Because of the relatively low electrical conductivity of the polymeric electrodes, highly conductive metallic electrodes are always used in TDPFs to interface with the polymeric electrode. Two different metallic electrodes have been reported. The first type utilizes low melting point metals or alloys, like In (Indium), Sn (tin) or eutectic alloys (BiSn) [55, 71,72,73]. These materials melt into viscous fluids at the neck-down region, and, thus, they can undergo stable thermoplastic deformation and thermal-flow (Fig. 5a). These electrodes are always embedded into the polymeric electrode matrix, forming a highly conductive composite electrode. Their sizes are tunable depending on the draw-down ratio. Thus, ultrasmall metallic electrodes down to the feature sizes of a few micrometers can be achieved, which does not affect the flexibility and wearability of the fiber. The second type of electrodes relies on high-melting-temperature metals such as Cu (copper) and W (tungsten) [74, 75]. These metal wires remain in the solid state during the drawing process and are fed into the predesigned channels, where they undergo thermoplastic deformation and are scaled down to exactly the same size as the metallic wires (Fig. 5b). Despite a simpler process, the metallic electrodes are usually of larger sizes, which might impair the fiber flexibility and wearability.
3.1.3 Cladding materials
The cladding usually serves as a protection layer for the inner domains of the fiber. The claddings are usually made of electrical insulating polymers, such as polycarbonate (PC), polysulfone (PSU), or poly(styrene-b-(ethylene-co-butylene)-b-styrene (SEBS) [76]. PC exhibits good optical properties such as high transparency and is widely used in polymeric optical fibers. PSU has a relatively higher glass transition temperature Tg and is especially used to construct fibers with improved mechanical robustness. SEBS possesses excellent elasticity at room temperature and is frequently used to construct elastic fibers [77, 78]. It should be noted that the viscosity and thermal expansion coefficient of the cladding materials should be carefully identified to ensure the co-drawing of multiple materials.
3.2 Structures
The simplest structure of the piezoelectric fiber relies on the conductor- piezoelectric material-conductor sandwich either in a rectangular or circular form. Early designs of TDPFs share a common drawback, namely the conductive-piezoelectric interface area, referred to as the active area, is relatively small. The limited active area produces insufficient signal output when stimulated, resulting in a low sensitivity, which severely hinders TDPF sensing applications like acoustic wave detection and deformation sensing. More sophisticated TDPF inner structures are designed to enlarge the active areas, thus improving sensing performance.

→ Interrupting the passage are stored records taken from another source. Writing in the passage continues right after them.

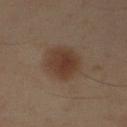- follow-up · catalogued during a skin exam; not biopsied
- TBP lesion metrics · a color-variation rating of about 3/10 and radial color variation of about 1; a classifier nevus-likeness of about 100/100
- tile lighting · cross-polarized
- subject · male, aged approximately 55
- site · the right upper arm
- acquisition · ~15 mm tile from a whole-body skin photo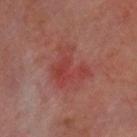Impression:
No biopsy was performed on this lesion — it was imaged during a full skin examination and was not determined to be concerning.
Background:
The lesion-visualizer software estimated a classifier nevus-likeness of about 0/100 and lesion-presence confidence of about 100/100. The tile uses cross-polarized illumination. The lesion's longest dimension is about 5 mm. A male patient, aged around 60. On the head or neck. A 15 mm close-up extracted from a 3D total-body photography capture.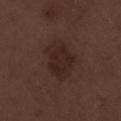The lesion was tiled from a total-body skin photograph and was not biopsied. The tile uses white-light illumination. Automated image analysis of the tile measured an area of roughly 15 mm² and two-axis asymmetry of about 0.25. It also reported a nevus-likeness score of about 40/100 and a detector confidence of about 100 out of 100 that the crop contains a lesion. The patient is a male aged 68 to 72. Cropped from a whole-body photographic skin survey; the tile spans about 15 mm. Longest diameter approximately 5 mm. Located on the right lower leg.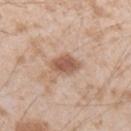Findings:
* follow-up — total-body-photography surveillance lesion; no biopsy
* site — the left forearm
* acquisition — 15 mm crop, total-body photography
* lesion size — ≈3 mm
* lighting — white-light illumination
* subject — male, in their mid- to late 20s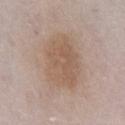Notes:
• workup — imaged on a skin check; not biopsied
• tile lighting — white-light illumination
• subject — male, aged 63 to 67
• automated lesion analysis — border irregularity of about 2 on a 0–10 scale, a within-lesion color-variation index near 3/10, and radial color variation of about 1
• imaging modality — ~15 mm crop, total-body skin-cancer survey
• diameter — ≈5.5 mm
• anatomic site — the abdomen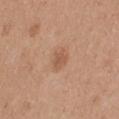notes — total-body-photography surveillance lesion; no biopsy | patient — female, aged 38–42 | anatomic site — the leg | image — 15 mm crop, total-body photography | size — ≈2.5 mm.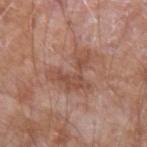{
  "lesion_size": {
    "long_diameter_mm_approx": 5.0
  },
  "automated_metrics": {
    "border_irregularity_0_10": 9.0,
    "color_variation_0_10": 3.0,
    "lesion_detection_confidence_0_100": 100
  },
  "image": {
    "source": "total-body photography crop",
    "field_of_view_mm": 15
  },
  "patient": {
    "sex": "male",
    "age_approx": 60
  },
  "site": "left forearm",
  "lighting": "white-light"
}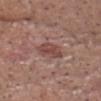Case summary:
– follow-up — catalogued during a skin exam; not biopsied
– site — the head or neck
– TBP lesion metrics — a footprint of about 6 mm² and two-axis asymmetry of about 0.25; a border-irregularity rating of about 3/10, a color-variation rating of about 2.5/10, and radial color variation of about 1; an automated nevus-likeness rating near 0 out of 100 and a lesion-detection confidence of about 100/100
– acquisition — ~15 mm crop, total-body skin-cancer survey
– size — ~4 mm (longest diameter)
– patient — male, aged approximately 65
– tile lighting — white-light illumination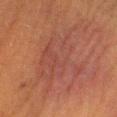Q: Is there a histopathology result?
A: imaged on a skin check; not biopsied
Q: Who is the patient?
A: female, about 40 years old
Q: Where on the body is the lesion?
A: the right lower leg
Q: Automated lesion metrics?
A: an area of roughly 29 mm², an eccentricity of roughly 0.85, and two-axis asymmetry of about 0.45; a lesion-detection confidence of about 90/100
Q: What is the imaging modality?
A: ~15 mm crop, total-body skin-cancer survey
Q: Lesion size?
A: ≈11 mm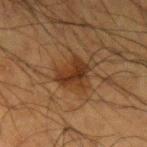Clinical impression: Part of a total-body skin-imaging series; this lesion was reviewed on a skin check and was not flagged for biopsy. Image and clinical context: A lesion tile, about 15 mm wide, cut from a 3D total-body photograph. The subject is a male aged approximately 60. The tile uses cross-polarized illumination. The lesion is on the left upper arm. Measured at roughly 3.5 mm in maximum diameter.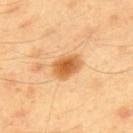Assessment:
No biopsy was performed on this lesion — it was imaged during a full skin examination and was not determined to be concerning.
Background:
A lesion tile, about 15 mm wide, cut from a 3D total-body photograph. A male patient, aged 43–47. On the mid back. The lesion's longest dimension is about 3.5 mm. The total-body-photography lesion software estimated a lesion area of about 8 mm², a shape eccentricity near 0.7, and two-axis asymmetry of about 0.15. The analysis additionally found border irregularity of about 1.5 on a 0–10 scale and radial color variation of about 1.5.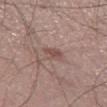Impression: The lesion was tiled from a total-body skin photograph and was not biopsied. Background: Measured at roughly 2.5 mm in maximum diameter. A 15 mm close-up extracted from a 3D total-body photography capture. This is a white-light tile. A male patient, roughly 55 years of age. Located on the left thigh.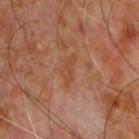{"biopsy_status": "not biopsied; imaged during a skin examination", "lighting": "cross-polarized", "image": {"source": "total-body photography crop", "field_of_view_mm": 15}, "site": "chest", "automated_metrics": {"eccentricity": 0.9, "shape_asymmetry": 0.45, "border_irregularity_0_10": 5.0, "peripheral_color_asymmetry": 0.0, "nevus_likeness_0_100": 0, "lesion_detection_confidence_0_100": 100}, "patient": {"sex": "male", "age_approx": 60}, "lesion_size": {"long_diameter_mm_approx": 3.0}}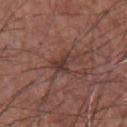<case>
  <biopsy_status>not biopsied; imaged during a skin examination</biopsy_status>
  <automated_metrics>
    <area_mm2_approx>5.5</area_mm2_approx>
    <nevus_likeness_0_100>5</nevus_likeness_0_100>
    <lesion_detection_confidence_0_100>85</lesion_detection_confidence_0_100>
  </automated_metrics>
  <site>front of the torso</site>
  <image>
    <source>total-body photography crop</source>
    <field_of_view_mm>15</field_of_view_mm>
  </image>
  <patient>
    <sex>male</sex>
    <age_approx>75</age_approx>
  </patient>
  <lighting>white-light</lighting>
  <lesion_size>
    <long_diameter_mm_approx>4.0</long_diameter_mm_approx>
  </lesion_size>
</case>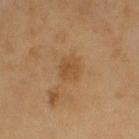Background: Captured under cross-polarized illumination. On the right upper arm. Cropped from a whole-body photographic skin survey; the tile spans about 15 mm. Longest diameter approximately 2.5 mm. A male patient aged 58 to 62.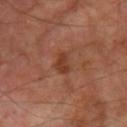Impression:
This lesion was catalogued during total-body skin photography and was not selected for biopsy.
Context:
A male subject, about 70 years old. Imaged with cross-polarized lighting. Cropped from a total-body skin-imaging series; the visible field is about 15 mm. About 2.5 mm across. Located on the right thigh.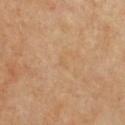| key | value |
|---|---|
| follow-up | no biopsy performed (imaged during a skin exam) |
| automated lesion analysis | a within-lesion color-variation index near 0/10 and peripheral color asymmetry of about 0; a nevus-likeness score of about 0/100 and a lesion-detection confidence of about 100/100 |
| image source | ~15 mm tile from a whole-body skin photo |
| size | about 1 mm |
| illumination | cross-polarized |
| patient | female, roughly 55 years of age |
| location | the chest |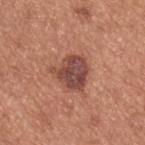Findings:
– workup — no biopsy performed (imaged during a skin exam)
– lighting — white-light illumination
– patient — male, in their mid- to late 50s
– diameter — ≈4 mm
– acquisition — ~15 mm tile from a whole-body skin photo
– site — the upper back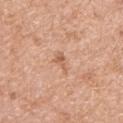Q: Is there a histopathology result?
A: imaged on a skin check; not biopsied
Q: What is the lesion's diameter?
A: ~2.5 mm (longest diameter)
Q: What lighting was used for the tile?
A: white-light
Q: Lesion location?
A: the right upper arm
Q: What are the patient's age and sex?
A: female, aged around 70
Q: How was this image acquired?
A: ~15 mm tile from a whole-body skin photo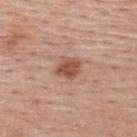Impression:
Part of a total-body skin-imaging series; this lesion was reviewed on a skin check and was not flagged for biopsy.
Context:
A 15 mm close-up tile from a total-body photography series done for melanoma screening. The patient is a female aged around 65. Automated image analysis of the tile measured an area of roughly 5.5 mm², an outline eccentricity of about 0.55 (0 = round, 1 = elongated), and a shape-asymmetry score of about 0.2 (0 = symmetric). The software also gave a classifier nevus-likeness of about 80/100 and a lesion-detection confidence of about 100/100. The lesion is on the back. Approximately 3 mm at its widest.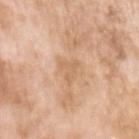lighting: white-light illumination
body site: the left upper arm
image-analysis metrics: a footprint of about 4 mm², an eccentricity of roughly 0.6, and a shape-asymmetry score of about 0.5 (0 = symmetric); a lesion color around L≈64 a*≈19 b*≈35 in CIELAB and roughly 7 lightness units darker than nearby skin; a border-irregularity index near 5.5/10 and a peripheral color-asymmetry measure near 0.5; an automated nevus-likeness rating near 0 out of 100 and a detector confidence of about 100 out of 100 that the crop contains a lesion
acquisition: ~15 mm crop, total-body skin-cancer survey
patient: female, roughly 75 years of age
lesion size: about 3 mm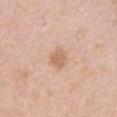Captured during whole-body skin photography for melanoma surveillance; the lesion was not biopsied.
Captured under white-light illumination.
From the chest.
Longest diameter approximately 2.5 mm.
A region of skin cropped from a whole-body photographic capture, roughly 15 mm wide.
A female subject, aged around 60.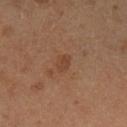follow-up — total-body-photography surveillance lesion; no biopsy | anatomic site — the left lower leg | patient — male, aged 58 to 62 | image — 15 mm crop, total-body photography.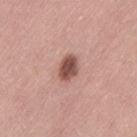{
  "biopsy_status": "not biopsied; imaged during a skin examination",
  "site": "left thigh",
  "patient": {
    "sex": "female",
    "age_approx": 50
  },
  "image": {
    "source": "total-body photography crop",
    "field_of_view_mm": 15
  }
}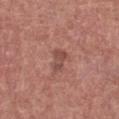Findings:
– notes — total-body-photography surveillance lesion; no biopsy
– patient — female, roughly 45 years of age
– imaging modality — total-body-photography crop, ~15 mm field of view
– location — the front of the torso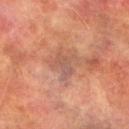Recorded during total-body skin imaging; not selected for excision or biopsy. The lesion is located on the left lower leg. A 15 mm close-up extracted from a 3D total-body photography capture. The patient is a male roughly 75 years of age.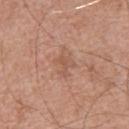No biopsy was performed on this lesion — it was imaged during a full skin examination and was not determined to be concerning.
From the upper back.
The subject is a male aged approximately 65.
Cropped from a whole-body photographic skin survey; the tile spans about 15 mm.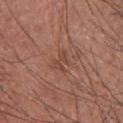This lesion was catalogued during total-body skin photography and was not selected for biopsy. The lesion is located on the chest. The recorded lesion diameter is about 2.5 mm. A male subject about 65 years old. This is a white-light tile. A close-up tile cropped from a whole-body skin photograph, about 15 mm across.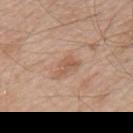<case>
<biopsy_status>not biopsied; imaged during a skin examination</biopsy_status>
<patient>
  <sex>male</sex>
  <age_approx>55</age_approx>
</patient>
<site>left upper arm</site>
<image>
  <source>total-body photography crop</source>
  <field_of_view_mm>15</field_of_view_mm>
</image>
</case>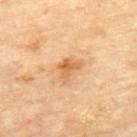notes: catalogued during a skin exam; not biopsied | image: 15 mm crop, total-body photography | subject: male, approximately 85 years of age or older | location: the upper back | size: ~2.5 mm (longest diameter) | tile lighting: cross-polarized.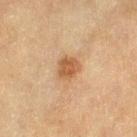The lesion was photographed on a routine skin check and not biopsied; there is no pathology result. Cropped from a whole-body photographic skin survey; the tile spans about 15 mm. The lesion is on the right thigh. A female patient, roughly 80 years of age.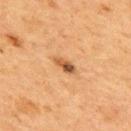– workup: no biopsy performed (imaged during a skin exam)
– illumination: cross-polarized illumination
– lesion size: ≈3 mm
– patient: male, in their mid- to late 60s
– body site: the upper back
– imaging modality: total-body-photography crop, ~15 mm field of view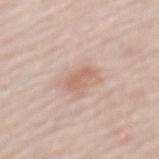| key | value |
|---|---|
| workup | total-body-photography surveillance lesion; no biopsy |
| TBP lesion metrics | a lesion area of about 4 mm² and an outline eccentricity of about 0.85 (0 = round, 1 = elongated); a lesion color around L≈63 a*≈20 b*≈28 in CIELAB, about 9 CIELAB-L* units darker than the surrounding skin, and a normalized border contrast of about 6 |
| lighting | white-light illumination |
| patient | female, in their mid-60s |
| image source | 15 mm crop, total-body photography |
| anatomic site | the mid back |
| lesion size | ≈3 mm |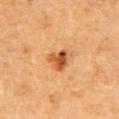Imaged during a routine full-body skin examination; the lesion was not biopsied and no histopathology is available.
A 15 mm close-up tile from a total-body photography series done for melanoma screening.
The lesion is on the chest.
A male subject in their mid- to late 80s or older.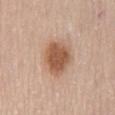<case>
  <image>
    <source>total-body photography crop</source>
    <field_of_view_mm>15</field_of_view_mm>
  </image>
  <patient>
    <sex>female</sex>
    <age_approx>70</age_approx>
  </patient>
  <lesion_size>
    <long_diameter_mm_approx>5.0</long_diameter_mm_approx>
  </lesion_size>
  <lighting>white-light</lighting>
  <site>mid back</site>
</case>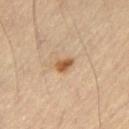The lesion was tiled from a total-body skin photograph and was not biopsied. The lesion's longest dimension is about 2.5 mm. Cropped from a whole-body photographic skin survey; the tile spans about 15 mm. The lesion is on the left thigh. Captured under cross-polarized illumination. A male patient, in their mid- to late 50s.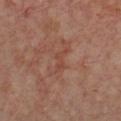| key | value |
|---|---|
| workup | catalogued during a skin exam; not biopsied |
| image | ~15 mm crop, total-body skin-cancer survey |
| site | the chest |
| diameter | ≈3 mm |
| lighting | cross-polarized illumination |
| patient | in their mid- to late 50s |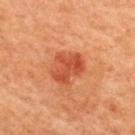Findings:
* notes · no biopsy performed (imaged during a skin exam)
* lighting · cross-polarized illumination
* TBP lesion metrics · an automated nevus-likeness rating near 85 out of 100 and lesion-presence confidence of about 100/100
* anatomic site · the back
* image source · ~15 mm crop, total-body skin-cancer survey
* subject · female, in their 40s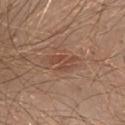This lesion was catalogued during total-body skin photography and was not selected for biopsy. About 3.5 mm across. Cropped from a total-body skin-imaging series; the visible field is about 15 mm. A male subject in their 40s. Automated image analysis of the tile measured a footprint of about 5 mm², an eccentricity of roughly 0.85, and two-axis asymmetry of about 0.4. The analysis additionally found an average lesion color of about L≈46 a*≈22 b*≈28 (CIELAB), a lesion–skin lightness drop of about 7, and a normalized border contrast of about 6. The software also gave a border-irregularity rating of about 5.5/10, internal color variation of about 1.5 on a 0–10 scale, and peripheral color asymmetry of about 0.5. From the abdomen.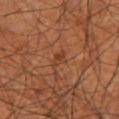Clinical impression:
No biopsy was performed on this lesion — it was imaged during a full skin examination and was not determined to be concerning.
Background:
This image is a 15 mm lesion crop taken from a total-body photograph. From the leg. The patient is a male roughly 70 years of age.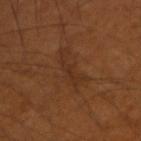{"lesion_size": {"long_diameter_mm_approx": 5.0}, "lighting": "cross-polarized", "image": {"source": "total-body photography crop", "field_of_view_mm": 15}, "patient": {"sex": "male", "age_approx": 55}, "site": "arm", "automated_metrics": {"area_mm2_approx": 7.0, "eccentricity": 0.95, "shape_asymmetry": 0.5, "vs_skin_darker_L": 5.0, "border_irregularity_0_10": 7.5, "color_variation_0_10": 1.0, "peripheral_color_asymmetry": 0.5, "nevus_likeness_0_100": 0, "lesion_detection_confidence_0_100": 95}}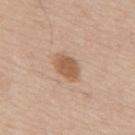workup = imaged on a skin check; not biopsied
automated lesion analysis = a lesion color around L≈57 a*≈20 b*≈33 in CIELAB and a normalized border contrast of about 8; a border-irregularity rating of about 2/10 and peripheral color asymmetry of about 0.5; a classifier nevus-likeness of about 90/100 and a lesion-detection confidence of about 100/100
size = about 3.5 mm
acquisition = 15 mm crop, total-body photography
patient = male, about 65 years old
tile lighting = white-light
site = the mid back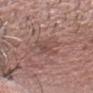follow-up — imaged on a skin check; not biopsied | imaging modality — 15 mm crop, total-body photography | automated lesion analysis — an eccentricity of roughly 0.65 and a shape-asymmetry score of about 0.35 (0 = symmetric); an average lesion color of about L≈48 a*≈19 b*≈23 (CIELAB), a lesion–skin lightness drop of about 7, and a lesion-to-skin contrast of about 5 (normalized; higher = more distinct); border irregularity of about 3.5 on a 0–10 scale, a within-lesion color-variation index near 3.5/10, and peripheral color asymmetry of about 1.5 | lesion size — about 3.5 mm | lighting — white-light | patient — male, aged around 65 | anatomic site — the head or neck.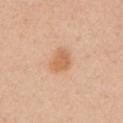biopsy_status: not biopsied; imaged during a skin examination
patient:
  sex: female
  age_approx: 40
lesion_size:
  long_diameter_mm_approx: 3.0
image:
  source: total-body photography crop
  field_of_view_mm: 15
site: left upper arm
automated_metrics:
  area_mm2_approx: 6.0
  eccentricity: 0.6
  shape_asymmetry: 0.3
  nevus_likeness_0_100: 90
  lesion_detection_confidence_0_100: 100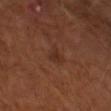Case summary:
- workup · imaged on a skin check; not biopsied
- TBP lesion metrics · a shape-asymmetry score of about 0.45 (0 = symmetric); an average lesion color of about L≈28 a*≈20 b*≈26 (CIELAB), roughly 5 lightness units darker than nearby skin, and a normalized border contrast of about 5.5; an automated nevus-likeness rating near 5 out of 100 and a detector confidence of about 100 out of 100 that the crop contains a lesion
- diameter · ~2.5 mm (longest diameter)
- site · the right upper arm
- subject · male, aged approximately 65
- image · ~15 mm tile from a whole-body skin photo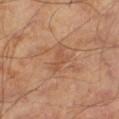<tbp_lesion>
  <biopsy_status>not biopsied; imaged during a skin examination</biopsy_status>
  <patient>
    <sex>male</sex>
    <age_approx>65</age_approx>
  </patient>
  <automated_metrics>
    <cielab_L>51</cielab_L>
    <cielab_a>21</cielab_a>
    <cielab_b>33</cielab_b>
    <vs_skin_darker_L>6.0</vs_skin_darker_L>
    <vs_skin_contrast_norm>5.0</vs_skin_contrast_norm>
    <border_irregularity_0_10>6.0</border_irregularity_0_10>
    <color_variation_0_10>2.0</color_variation_0_10>
    <peripheral_color_asymmetry>1.0</peripheral_color_asymmetry>
  </automated_metrics>
  <lesion_size>
    <long_diameter_mm_approx>4.5</long_diameter_mm_approx>
  </lesion_size>
  <image>
    <source>total-body photography crop</source>
    <field_of_view_mm>15</field_of_view_mm>
  </image>
  <lighting>cross-polarized</lighting>
</tbp_lesion>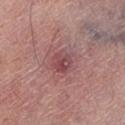Assessment:
Recorded during total-body skin imaging; not selected for excision or biopsy.
Clinical summary:
A lesion tile, about 15 mm wide, cut from a 3D total-body photograph. A male patient aged 53–57. Imaged with white-light lighting. The lesion is located on the left lower leg. Automated tile analysis of the lesion measured a footprint of about 5 mm² and a shape eccentricity near 0.4. The software also gave an average lesion color of about L≈46 a*≈26 b*≈19 (CIELAB), about 9 CIELAB-L* units darker than the surrounding skin, and a normalized border contrast of about 6.5. The recorded lesion diameter is about 2.5 mm.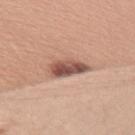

The first strategy to increase the active area is to fold the conductive polymer layer. A folded TDPF structure, using two cross-inserted “U”-shaped CPE layers to enlarge the active area that is approximately 3 times larger than that of the traditional rectangular structure, has been fabricated [73]. This folded structure could be further developed into a multi-folded structure using comb-shaped CPE layers. Another similar strategy is to adopt a spiral structure where two CPE layers and two PVDF-based mats are co-interfaced together, exhibiting an ultra-large active area [79].
4 Applications
4.1 Sensors
Piezoelectric materials convert mechanical deformations to electric signals, allowing the detection of vibrations, sound waves, forces and other mechanical displacements. Sensing is one of the major applications of TDPFs. Compared to traditional piezoelectric sensors, TDPFs are biocompatible, thin, highly flexible and wearable, which could be interfaced with tissue and organs forming innovative bioelectronics or be integrated into fabrics and textiles forming smart garments [80,81,82]. In this section, we will highlight the sensing function of TDPFs for intriguing applications in underwater security, audible sound detection and communication, healthcare monitoring, and space security.
4.1.1 Aquatic acoustic sensors
Aquatic acoustic sensing is acting as a key technology demanded for ocean activity monitoring, underwater constructions and ocean communications [83]. TDPFs have been exploited for underwater acoustic sensing. Compared with conventional underwater acoustic sensors based on BTO and PZT, the TDPF sensor made out of polymeric piezoelectric materials like PVDF and P(VDF-TrFE) exhibits better acoustic impedance matching with water, higher hydrostatic response, and broader bandwidth [84].
Egusa et al. first explored TDPFs’ applications in underwater acoustic sensing [55]. The fiber design adopted the traditional circular and rectangular structure. The sensing material was piezoelectric P(VDF-TrFE). CPC was used as the electrodes because it can form large areas interfacing with P(VDF-TrFE) (Fig. 6a). The TDPF fiber could efficiently sense the sound wave pulses with central frequency of 1 MHz emitted by a water immersion ultrasonic transducer (Fig. 6b, c), the response of which is shown in Fig. 6c. The measured piezoelectric response of the TDPF fiber followed the intrinsic frequency profile of the transducer, confirming the feasibility of using TDPFs as acoustic sensors.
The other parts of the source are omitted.